DIRECTIONS FOR THIS TASK: Both the line with "#19124 = DIRECTION" and the line with "#24502 = DIRECTION" in the records below must appear in the output, along with every line between them, exactly and with nothing added.

DATA:
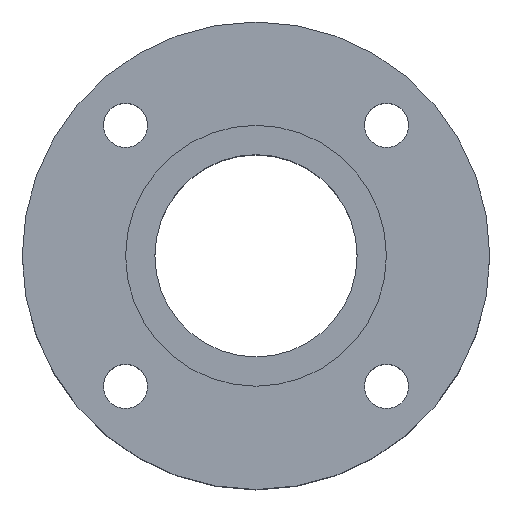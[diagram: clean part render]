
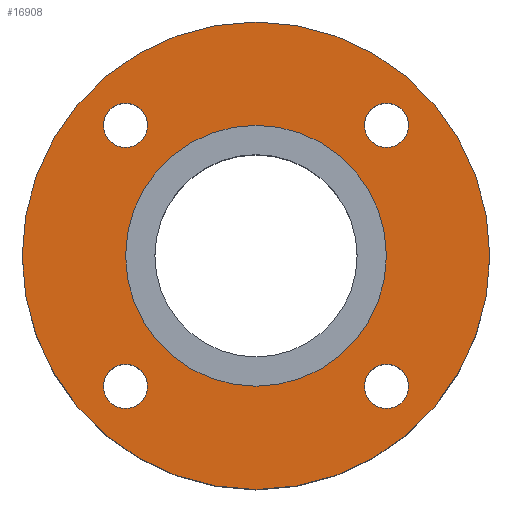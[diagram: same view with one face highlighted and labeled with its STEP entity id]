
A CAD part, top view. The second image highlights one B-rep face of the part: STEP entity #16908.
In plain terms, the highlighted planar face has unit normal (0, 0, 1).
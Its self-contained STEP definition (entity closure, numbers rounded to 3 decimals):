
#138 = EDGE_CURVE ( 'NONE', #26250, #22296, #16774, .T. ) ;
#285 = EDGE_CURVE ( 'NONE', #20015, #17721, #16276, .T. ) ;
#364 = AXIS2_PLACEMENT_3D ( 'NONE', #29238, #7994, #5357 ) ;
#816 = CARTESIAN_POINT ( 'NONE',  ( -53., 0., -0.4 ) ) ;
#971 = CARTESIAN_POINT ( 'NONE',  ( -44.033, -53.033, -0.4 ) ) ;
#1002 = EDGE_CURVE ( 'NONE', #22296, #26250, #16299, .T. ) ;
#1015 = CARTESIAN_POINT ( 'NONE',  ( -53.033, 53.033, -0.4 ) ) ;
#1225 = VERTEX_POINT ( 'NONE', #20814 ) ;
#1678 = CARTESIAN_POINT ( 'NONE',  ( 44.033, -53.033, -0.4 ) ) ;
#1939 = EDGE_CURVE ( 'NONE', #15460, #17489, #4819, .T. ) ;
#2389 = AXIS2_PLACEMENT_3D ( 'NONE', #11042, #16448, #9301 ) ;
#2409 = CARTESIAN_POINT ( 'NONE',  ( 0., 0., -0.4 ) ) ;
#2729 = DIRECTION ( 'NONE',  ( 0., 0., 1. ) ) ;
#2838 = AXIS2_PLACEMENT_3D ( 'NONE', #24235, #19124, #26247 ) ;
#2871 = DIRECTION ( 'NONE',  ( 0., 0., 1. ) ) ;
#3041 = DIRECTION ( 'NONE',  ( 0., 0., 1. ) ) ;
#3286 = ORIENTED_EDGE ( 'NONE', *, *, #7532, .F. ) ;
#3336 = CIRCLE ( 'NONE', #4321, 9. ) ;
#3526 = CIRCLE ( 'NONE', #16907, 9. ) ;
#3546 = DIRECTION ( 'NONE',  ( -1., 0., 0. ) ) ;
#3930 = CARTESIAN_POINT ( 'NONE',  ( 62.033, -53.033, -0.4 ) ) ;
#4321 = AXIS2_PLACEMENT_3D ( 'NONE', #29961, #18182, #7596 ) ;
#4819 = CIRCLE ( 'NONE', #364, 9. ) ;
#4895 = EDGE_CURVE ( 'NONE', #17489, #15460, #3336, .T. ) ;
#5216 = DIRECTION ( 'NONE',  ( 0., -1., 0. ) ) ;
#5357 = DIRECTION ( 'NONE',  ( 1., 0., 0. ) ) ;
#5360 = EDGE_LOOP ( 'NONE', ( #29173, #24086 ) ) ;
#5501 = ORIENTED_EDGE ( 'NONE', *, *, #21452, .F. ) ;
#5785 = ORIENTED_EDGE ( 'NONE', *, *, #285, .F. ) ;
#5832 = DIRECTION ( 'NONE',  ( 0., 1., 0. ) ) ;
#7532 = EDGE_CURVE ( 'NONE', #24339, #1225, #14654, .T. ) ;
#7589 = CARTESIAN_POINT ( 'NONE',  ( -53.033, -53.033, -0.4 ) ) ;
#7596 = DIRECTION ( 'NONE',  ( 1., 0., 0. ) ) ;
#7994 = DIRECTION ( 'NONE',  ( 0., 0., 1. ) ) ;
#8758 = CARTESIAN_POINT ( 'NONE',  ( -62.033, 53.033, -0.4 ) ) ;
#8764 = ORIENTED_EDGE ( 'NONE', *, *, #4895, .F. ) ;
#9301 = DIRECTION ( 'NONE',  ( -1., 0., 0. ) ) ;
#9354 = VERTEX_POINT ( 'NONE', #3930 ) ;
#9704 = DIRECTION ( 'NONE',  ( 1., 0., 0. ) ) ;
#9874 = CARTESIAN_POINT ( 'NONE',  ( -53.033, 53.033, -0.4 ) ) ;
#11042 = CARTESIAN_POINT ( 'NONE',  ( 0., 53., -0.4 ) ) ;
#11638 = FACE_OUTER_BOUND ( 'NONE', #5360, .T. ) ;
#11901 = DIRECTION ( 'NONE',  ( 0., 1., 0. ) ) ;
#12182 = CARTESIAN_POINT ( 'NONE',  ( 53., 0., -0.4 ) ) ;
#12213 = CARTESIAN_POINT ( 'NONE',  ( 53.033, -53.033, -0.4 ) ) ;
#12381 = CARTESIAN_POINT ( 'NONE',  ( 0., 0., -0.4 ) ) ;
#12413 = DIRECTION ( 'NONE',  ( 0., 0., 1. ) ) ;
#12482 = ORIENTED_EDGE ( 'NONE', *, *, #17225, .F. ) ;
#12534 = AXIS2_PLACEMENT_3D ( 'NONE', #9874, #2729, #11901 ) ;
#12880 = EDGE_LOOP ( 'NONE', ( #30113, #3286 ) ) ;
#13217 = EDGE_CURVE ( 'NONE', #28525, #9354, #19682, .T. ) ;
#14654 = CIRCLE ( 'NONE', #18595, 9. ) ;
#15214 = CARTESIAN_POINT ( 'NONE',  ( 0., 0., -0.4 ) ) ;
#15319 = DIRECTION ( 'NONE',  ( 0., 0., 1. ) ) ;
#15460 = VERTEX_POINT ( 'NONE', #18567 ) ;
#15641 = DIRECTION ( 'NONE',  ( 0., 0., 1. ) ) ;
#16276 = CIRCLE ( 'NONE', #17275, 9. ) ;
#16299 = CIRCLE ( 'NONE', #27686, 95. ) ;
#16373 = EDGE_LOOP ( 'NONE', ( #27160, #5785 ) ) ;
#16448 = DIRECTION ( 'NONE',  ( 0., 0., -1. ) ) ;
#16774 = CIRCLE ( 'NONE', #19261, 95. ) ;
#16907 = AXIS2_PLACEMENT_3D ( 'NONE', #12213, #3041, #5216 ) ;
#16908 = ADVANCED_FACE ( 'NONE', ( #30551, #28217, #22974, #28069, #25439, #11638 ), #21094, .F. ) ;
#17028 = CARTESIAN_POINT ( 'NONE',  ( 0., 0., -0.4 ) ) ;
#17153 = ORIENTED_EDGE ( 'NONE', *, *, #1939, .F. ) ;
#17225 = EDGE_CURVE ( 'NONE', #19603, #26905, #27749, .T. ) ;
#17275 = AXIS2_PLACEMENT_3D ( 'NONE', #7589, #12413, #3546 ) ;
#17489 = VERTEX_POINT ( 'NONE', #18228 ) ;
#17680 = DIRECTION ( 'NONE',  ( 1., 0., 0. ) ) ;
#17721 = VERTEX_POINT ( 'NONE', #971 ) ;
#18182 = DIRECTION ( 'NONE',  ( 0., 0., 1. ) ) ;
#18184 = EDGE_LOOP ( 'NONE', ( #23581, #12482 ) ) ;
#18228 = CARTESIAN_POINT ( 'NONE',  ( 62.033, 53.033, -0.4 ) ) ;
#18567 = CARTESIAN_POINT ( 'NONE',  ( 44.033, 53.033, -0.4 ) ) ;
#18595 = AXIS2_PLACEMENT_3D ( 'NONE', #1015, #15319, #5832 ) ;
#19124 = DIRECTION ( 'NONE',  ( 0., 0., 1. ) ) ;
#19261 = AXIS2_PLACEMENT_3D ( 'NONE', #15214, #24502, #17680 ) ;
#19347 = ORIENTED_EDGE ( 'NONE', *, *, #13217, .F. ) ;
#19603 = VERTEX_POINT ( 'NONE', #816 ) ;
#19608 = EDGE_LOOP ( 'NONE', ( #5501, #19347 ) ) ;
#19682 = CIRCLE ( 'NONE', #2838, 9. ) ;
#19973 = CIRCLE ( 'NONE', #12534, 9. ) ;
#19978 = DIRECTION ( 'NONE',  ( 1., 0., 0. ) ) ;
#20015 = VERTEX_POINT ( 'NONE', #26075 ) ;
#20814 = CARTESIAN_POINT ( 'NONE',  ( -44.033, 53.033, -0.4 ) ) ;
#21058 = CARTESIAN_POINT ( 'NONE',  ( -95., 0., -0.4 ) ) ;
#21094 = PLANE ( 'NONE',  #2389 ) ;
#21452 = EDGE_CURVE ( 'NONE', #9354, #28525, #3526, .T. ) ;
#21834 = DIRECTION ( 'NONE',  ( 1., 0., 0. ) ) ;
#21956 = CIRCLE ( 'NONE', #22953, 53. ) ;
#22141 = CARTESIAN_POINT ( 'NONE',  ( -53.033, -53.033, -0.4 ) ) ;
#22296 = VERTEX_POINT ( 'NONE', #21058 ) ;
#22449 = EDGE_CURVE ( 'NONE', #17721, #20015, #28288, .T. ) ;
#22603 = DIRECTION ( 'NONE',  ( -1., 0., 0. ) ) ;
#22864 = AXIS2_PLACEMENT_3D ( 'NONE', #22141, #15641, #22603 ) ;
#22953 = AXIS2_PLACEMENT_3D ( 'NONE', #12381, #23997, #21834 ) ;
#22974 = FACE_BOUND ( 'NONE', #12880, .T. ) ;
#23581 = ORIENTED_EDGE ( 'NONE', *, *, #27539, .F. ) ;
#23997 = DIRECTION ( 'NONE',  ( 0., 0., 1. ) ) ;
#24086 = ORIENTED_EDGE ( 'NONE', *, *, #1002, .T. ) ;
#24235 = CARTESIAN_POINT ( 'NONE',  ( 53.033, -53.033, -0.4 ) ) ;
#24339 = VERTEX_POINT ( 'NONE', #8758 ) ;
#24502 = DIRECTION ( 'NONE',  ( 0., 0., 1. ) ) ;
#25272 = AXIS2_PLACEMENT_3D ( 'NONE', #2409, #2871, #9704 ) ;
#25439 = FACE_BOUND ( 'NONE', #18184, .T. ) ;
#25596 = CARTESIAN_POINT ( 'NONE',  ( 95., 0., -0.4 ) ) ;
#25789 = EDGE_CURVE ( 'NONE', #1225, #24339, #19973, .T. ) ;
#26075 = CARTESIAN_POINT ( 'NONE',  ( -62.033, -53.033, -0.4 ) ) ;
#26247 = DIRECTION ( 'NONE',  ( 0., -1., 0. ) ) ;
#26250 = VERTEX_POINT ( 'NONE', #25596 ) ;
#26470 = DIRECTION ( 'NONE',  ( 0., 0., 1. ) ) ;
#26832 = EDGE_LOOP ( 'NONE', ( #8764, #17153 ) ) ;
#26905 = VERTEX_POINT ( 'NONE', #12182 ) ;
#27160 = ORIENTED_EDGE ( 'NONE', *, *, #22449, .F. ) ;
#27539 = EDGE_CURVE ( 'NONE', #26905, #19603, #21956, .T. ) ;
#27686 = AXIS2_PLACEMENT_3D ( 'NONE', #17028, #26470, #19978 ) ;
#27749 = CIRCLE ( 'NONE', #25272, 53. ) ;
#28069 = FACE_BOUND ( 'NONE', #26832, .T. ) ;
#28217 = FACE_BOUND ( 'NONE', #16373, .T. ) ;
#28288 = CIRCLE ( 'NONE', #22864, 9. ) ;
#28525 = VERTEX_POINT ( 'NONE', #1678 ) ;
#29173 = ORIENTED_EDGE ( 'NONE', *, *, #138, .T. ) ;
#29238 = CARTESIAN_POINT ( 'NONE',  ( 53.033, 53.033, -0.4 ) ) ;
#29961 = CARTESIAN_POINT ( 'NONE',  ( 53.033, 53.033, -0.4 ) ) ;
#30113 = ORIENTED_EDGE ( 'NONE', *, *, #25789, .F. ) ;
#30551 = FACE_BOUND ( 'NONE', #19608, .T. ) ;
--
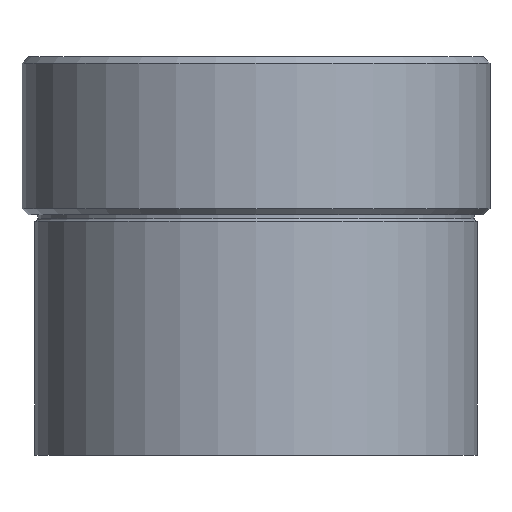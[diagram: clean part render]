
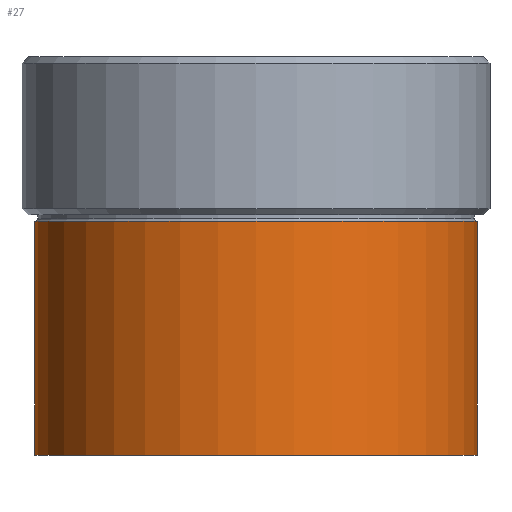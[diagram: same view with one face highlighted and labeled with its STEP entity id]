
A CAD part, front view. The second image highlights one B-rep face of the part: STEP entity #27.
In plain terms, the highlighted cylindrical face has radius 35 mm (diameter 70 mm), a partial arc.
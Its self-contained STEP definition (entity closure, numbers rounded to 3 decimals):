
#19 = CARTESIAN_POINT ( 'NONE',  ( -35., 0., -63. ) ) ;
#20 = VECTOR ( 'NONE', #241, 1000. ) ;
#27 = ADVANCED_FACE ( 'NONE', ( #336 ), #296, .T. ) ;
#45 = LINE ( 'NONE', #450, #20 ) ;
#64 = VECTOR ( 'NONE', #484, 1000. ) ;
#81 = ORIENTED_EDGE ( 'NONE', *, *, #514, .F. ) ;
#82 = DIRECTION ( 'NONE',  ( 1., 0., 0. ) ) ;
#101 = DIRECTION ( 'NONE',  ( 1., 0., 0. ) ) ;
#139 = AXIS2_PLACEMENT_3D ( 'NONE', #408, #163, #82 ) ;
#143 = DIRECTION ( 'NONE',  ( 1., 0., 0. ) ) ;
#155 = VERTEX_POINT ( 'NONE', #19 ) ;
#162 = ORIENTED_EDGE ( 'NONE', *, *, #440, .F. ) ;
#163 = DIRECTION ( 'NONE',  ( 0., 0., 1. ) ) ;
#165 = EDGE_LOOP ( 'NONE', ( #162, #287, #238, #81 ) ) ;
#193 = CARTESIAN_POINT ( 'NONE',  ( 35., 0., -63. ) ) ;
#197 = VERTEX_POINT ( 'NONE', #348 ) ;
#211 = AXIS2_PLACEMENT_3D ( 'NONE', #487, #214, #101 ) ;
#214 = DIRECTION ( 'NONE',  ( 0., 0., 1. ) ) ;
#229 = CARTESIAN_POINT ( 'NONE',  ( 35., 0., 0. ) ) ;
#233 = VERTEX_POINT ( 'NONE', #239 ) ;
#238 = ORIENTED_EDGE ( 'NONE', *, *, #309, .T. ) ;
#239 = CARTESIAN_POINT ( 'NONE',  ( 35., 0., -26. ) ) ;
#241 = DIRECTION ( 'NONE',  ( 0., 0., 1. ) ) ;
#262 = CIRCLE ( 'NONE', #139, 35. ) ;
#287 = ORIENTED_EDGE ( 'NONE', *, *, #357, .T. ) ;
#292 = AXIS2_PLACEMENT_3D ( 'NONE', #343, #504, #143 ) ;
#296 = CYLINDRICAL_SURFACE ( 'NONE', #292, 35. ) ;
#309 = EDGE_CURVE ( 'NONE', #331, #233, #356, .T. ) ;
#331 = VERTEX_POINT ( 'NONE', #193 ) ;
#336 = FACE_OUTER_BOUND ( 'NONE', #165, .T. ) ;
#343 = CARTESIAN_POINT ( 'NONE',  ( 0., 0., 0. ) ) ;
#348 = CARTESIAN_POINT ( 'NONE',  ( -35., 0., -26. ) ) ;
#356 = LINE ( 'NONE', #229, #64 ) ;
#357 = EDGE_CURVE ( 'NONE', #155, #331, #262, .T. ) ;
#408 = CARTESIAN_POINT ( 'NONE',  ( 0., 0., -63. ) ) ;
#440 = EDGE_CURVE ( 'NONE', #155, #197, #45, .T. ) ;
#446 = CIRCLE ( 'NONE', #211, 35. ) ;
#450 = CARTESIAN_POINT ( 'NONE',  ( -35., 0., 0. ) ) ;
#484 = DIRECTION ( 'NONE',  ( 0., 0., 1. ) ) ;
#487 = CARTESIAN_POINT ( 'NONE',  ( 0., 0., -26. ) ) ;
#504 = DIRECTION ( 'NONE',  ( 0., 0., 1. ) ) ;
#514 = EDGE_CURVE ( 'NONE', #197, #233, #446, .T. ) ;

SOLUTION:
#19124 = DIRECTION ( 'NONE',  ( 0., 0., 1. ) ) ;
#19261 = AXIS2_PLACEMENT_3D ( 'NONE', #15214, #24502, #17680 ) ;
#19347 = ORIENTED_EDGE ( 'NONE', *, *, #13217, .F. ) ;
#19603 = VERTEX_POINT ( 'NONE', #816 ) ;
#19608 = EDGE_LOOP ( 'NONE', ( #5501, #19347 ) ) ;
#19682 = CIRCLE ( 'NONE', #2838, 9. ) ;
#19973 = CIRCLE ( 'NONE', #12534, 9. ) ;
#19978 = DIRECTION ( 'NONE',  ( 1., 0., 0. ) ) ;
#20015 = VERTEX_POINT ( 'NONE', #26075 ) ;
#20814 = CARTESIAN_POINT ( 'NONE',  ( -44.033, 53.033, -0.4 ) ) ;
#21058 = CARTESIAN_POINT ( 'NONE',  ( -95., 0., -0.4 ) ) ;
#21094 = PLANE ( 'NONE',  #2389 ) ;
#21452 = EDGE_CURVE ( 'NONE', #9354, #28525, #3526, .T. ) ;
#21834 = DIRECTION ( 'NONE',  ( 1., 0., 0. ) ) ;
#21956 = CIRCLE ( 'NONE', #22953, 53. ) ;
#22141 = CARTESIAN_POINT ( 'NONE',  ( -53.033, -53.033, -0.4 ) ) ;
#22296 = VERTEX_POINT ( 'NONE', #21058 ) ;
#22449 = EDGE_CURVE ( 'NONE', #17721, #20015, #28288, .T. ) ;
#22603 = DIRECTION ( 'NONE',  ( -1., 0., 0. ) ) ;
#22864 = AXIS2_PLACEMENT_3D ( 'NONE', #22141, #15641, #22603 ) ;
#22953 = AXIS2_PLACEMENT_3D ( 'NONE', #12381, #23997, #21834 ) ;
#22974 = FACE_BOUND ( 'NONE', #12880, .T. ) ;
#23581 = ORIENTED_EDGE ( 'NONE', *, *, #27539, .F. ) ;
#23997 = DIRECTION ( 'NONE',  ( 0., 0., 1. ) ) ;
#24086 = ORIENTED_EDGE ( 'NONE', *, *, #1002, .T. ) ;
#24235 = CARTESIAN_POINT ( 'NONE',  ( 53.033, -53.033, -0.4 ) ) ;
#24339 = VERTEX_POINT ( 'NONE', #8758 ) ;
#24502 = DIRECTION ( 'NONE',  ( 0., 0., 1. ) ) ;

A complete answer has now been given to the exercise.